“Meditate che questo è stato”

"Se comprendere è impossibile, conoscere è necessario". Primo Levi nel giorno della Memoria

Dal discorso di Trieste in cui Mussolini annuncia le leggi razziali al processo ad Adolf Eichmann. Nel Giorno della Memoria il monito di Primo Levi accompagna questo speciale viaggio nell’Archivio

Il 27 gennaio del 1945 le truppe sovietiche liberano il campo di concentramento di Auschwitz. Si trovarono davanti circa 7000 prigionieri ancora in vita in condizioni gravissime sia fisiche che psicologiche, condizioni che segnarono, per molti di loro, il resto della vita.

Il 20 luglio del 2000 il Parlamento italiano approva che in quella data venga istituito il Giorno della memoria: “La Repubblica italiana riconosce il giorno 27 gennaio, data dell’abbattimento dei cancelli di Auschwitz, “Giorno della Memoria”, al fine di ricordare la Shoah (sterminio del popolo ebraico), le leggi razziali, la persecuzione italiana dei cittadini ebrei, gli italiani che hanno subìto la deportazione, la prigionia, la morte, nonché coloro che, anche in campi e schieramenti diversi, si sono opposti al progetto di sterminio, ed a rischio della propria vita hanno salvato altre vite e protetto i perseguitati“.

Ogni anno, da allora, il 27 gennaio, si celebra il Giorno della memoria. Ed è fondamentale perché come disse Primo Levi e come instancabolmente continua a ricordarci Liliana Segre: “Se comprendere è impossibile, conoscere è necessario“.

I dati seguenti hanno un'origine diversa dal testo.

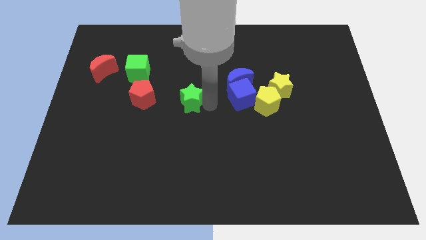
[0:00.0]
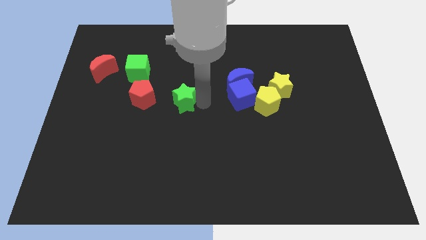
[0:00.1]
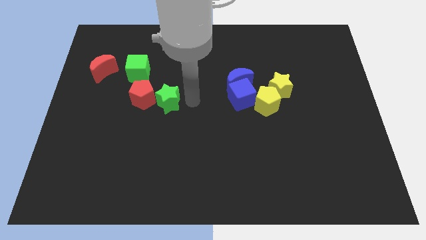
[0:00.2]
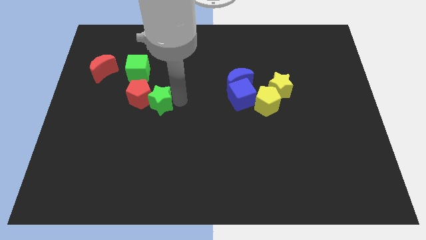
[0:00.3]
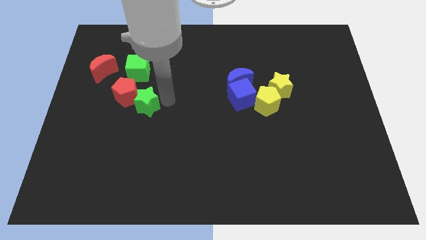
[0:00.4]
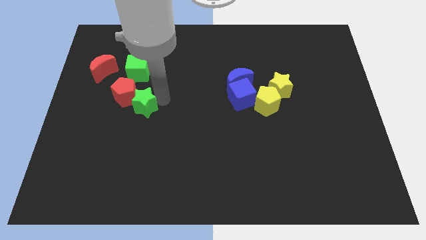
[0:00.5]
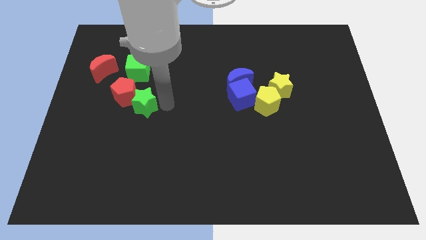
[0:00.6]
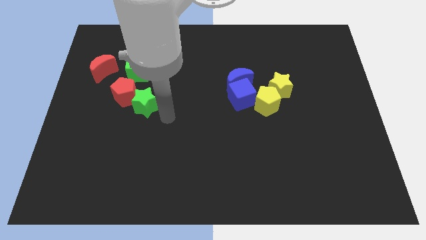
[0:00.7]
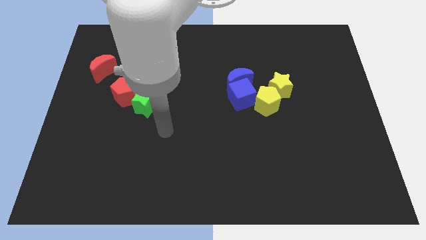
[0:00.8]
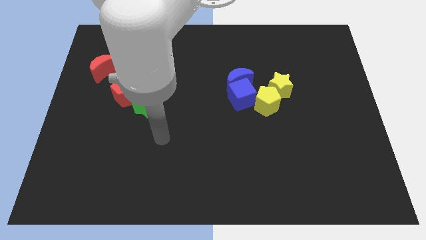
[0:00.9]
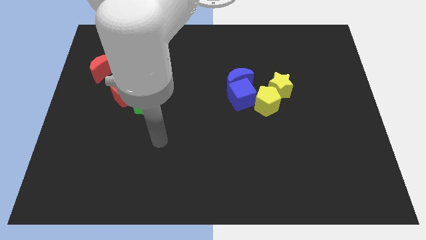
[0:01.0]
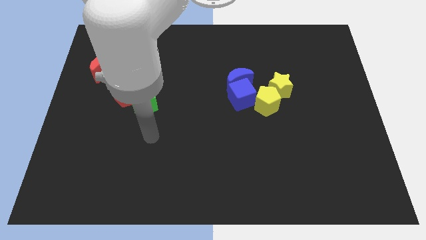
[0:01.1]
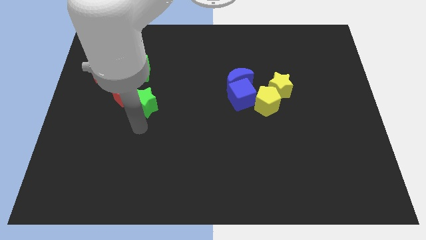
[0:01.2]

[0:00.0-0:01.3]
push the green star into the red pentagon

Nell’Archivio Luce sono pochissimi i documenti dell’era fascista che raccontano la legislazione razziale, come se il regime avesse voluto lasciare questo aspetto della propaganda alla carta stampata.

Suscitano sicuramente inquietudine le parole del Giornale Luce del 1941: “Varsavia ha ripreso il suo aspetto normale. Speciali carrozze tranviarie sono riservate agli ebrei“. Ma sono eccezioni.

La questione ebrea sarà affrontata nei cinegiornali soltanto nel dopoguerra: nel Notiziario Nuova Luce, testata uscita tra il 1945 e il 1947, ci sono due servizi, entrambi del 1946: il primo dedicato a padre Maria Benedetto, che si è fatto promotore dello schedario mondiale dei dispersi europei, e il secondo che ci parla di una scuola per profughi ebrei scampati ai campi di concentramento che si è aperta a Fano.

Lo stato ebraico sorgerà in Palestina, dopo la decisione dell’ONU, e gli ebrei romani festeggiano all’arco di Tito. Intanto molti degli scampati alle persecuzioni lasciano l’Europa diretti verso Israele.

Già dal 1958 però lo spettro dell’antisemitismo torna ad aleggiare sull’Europa: a Roma viene imbrattata la lapide della Sinagoga su cui sono riportati i nomi dei cittadini romani di religione ebraica trucidati dai nazi-fascisti mentre in Germania viene arrestato e processato per direttissima un uomo accusato di aver inneggiato a Hitler in un ristorante di Berlino ovest.

Nel 1960, sempre a Roma si svolge un convegno sull’antisemitismo e nel 1963 viene celebrato il ventennale della rivolta nel ghetto di Varsavia.

Un ultimo servizio, del 1976, racconta di una manifestazione a Roma delle comunità ebraiche che protestano per la scarcerazione, per motivi di salute, del criminale nazista Herbert Kappler, che l’anno successivo riuscì ad evadere dall’ospedale militare del Celio e a tornare in Germania.